Potentially not as financially stable

Many small businesses may not have the financial stability of a large business. This is due to the small amount of money coming in. They also may not have access to as much reinsurance as a larger company.

Customer service may be less available

Your local branch may not be as busy as a large call center, so they can answer the phone faster, but they probably won’t be available 24/7 like the is usually a big business.

Fewer online self-service options

Small local insurance companies may not have a user-friendly website or mobile app that you can use to manage your policy.

Advantages and disadvantages of a large insurance company

Greater likelihood of financial stability Less personal attention
More online self-service options May require multiple agents for all your different fonts
24/7 customer service is likely Potential for long holding times

Advantages

More likely to be financially stable

Big companies have more capital to draw from, deeper pockets, and generally, a longer history. This makes them more likely to be financially stable, which is essential for its ability to pay claims in a timely manner.

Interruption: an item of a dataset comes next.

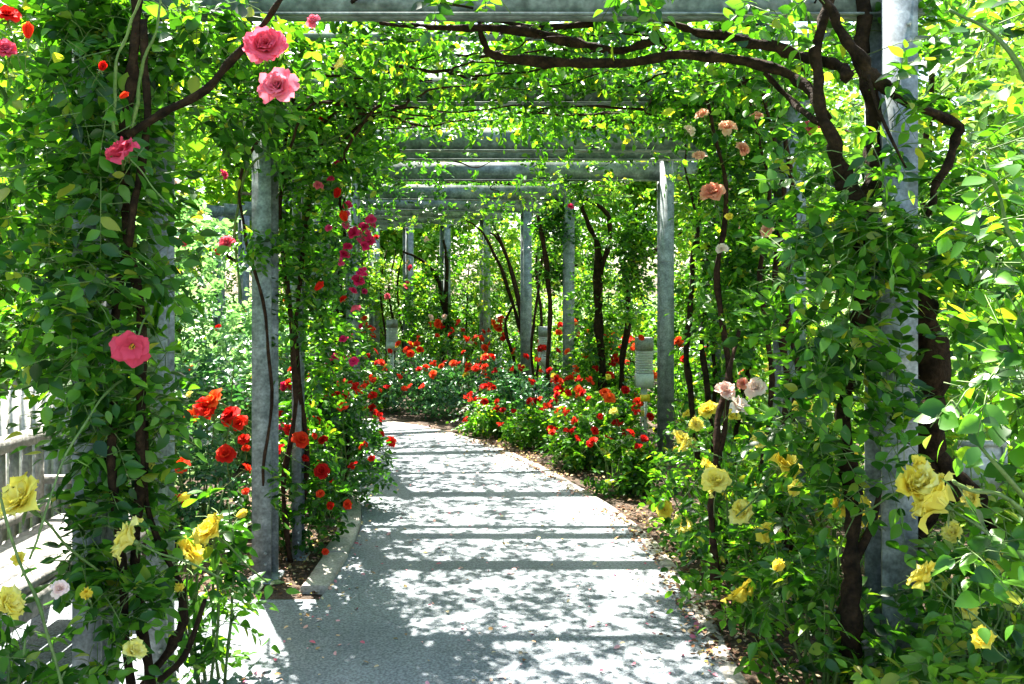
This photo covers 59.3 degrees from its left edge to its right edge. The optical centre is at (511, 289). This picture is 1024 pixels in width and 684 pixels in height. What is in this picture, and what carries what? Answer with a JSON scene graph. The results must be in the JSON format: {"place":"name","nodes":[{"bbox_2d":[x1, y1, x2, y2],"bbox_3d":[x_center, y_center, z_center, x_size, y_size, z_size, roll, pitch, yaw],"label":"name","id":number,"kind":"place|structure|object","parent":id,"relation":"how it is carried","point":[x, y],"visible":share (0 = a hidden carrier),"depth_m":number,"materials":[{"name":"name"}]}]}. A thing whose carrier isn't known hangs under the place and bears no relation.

More online self-service options

Larger insurance companies are more likely to have more resources to create online self-service options like a website or mobile app that lets you make changes to your policy. A large insurance company may also offer digital ID cards. These digital tools can make it easier for you to manage your policy.

24/7 customer service

Large companies are more likely to have 24/7 service. 24-hour service can be important for those on tight schedules or for policyholders who want the assurance that an agent will always be available in the event of a claim.

The inconvenients

Less personal attention

Since you never know who you’ll get on the phone or if you’re dealing strictly with an online portal, a larger company may provide less personal attention to your liking.

May require multiple agents for all your different fonts

Many large companies have separate departments dedicated to each type of policy. For example, you may need to be transferred to multiple agents if you want to manage your home insurance and auto policy in one phone call.

Potential for long holding times

Although a large insurance company may be open 24 hours a day, 7 days a week, that does not mean that they will always have the ability to answer the phone immediately. This is especially true during times of disaster, such as after a natural disaster.

Which should I choose?

Instead of focusing on the size of a business, the best approach is to assess what is most important to you when making your decision. Once you know what best suits your lifestyle and riding needs, you can narrow down your options. For example, if strong customer service is your top priority, choosing a carrier with high customer service ratings with JD Power might be the way to go.

Other aspects to consider include financial strength ratings, such as those from AM Best and S&P, which assess a carrier’s historical ability to pay claims. If digital tools are a higher priority than a phone conversation with a local agent, keep that in mind when choosing. Overall, selecting the right carrier comes down to one that offers the coverage you need, while balancing customer service, digital assets, financial strength, and budget.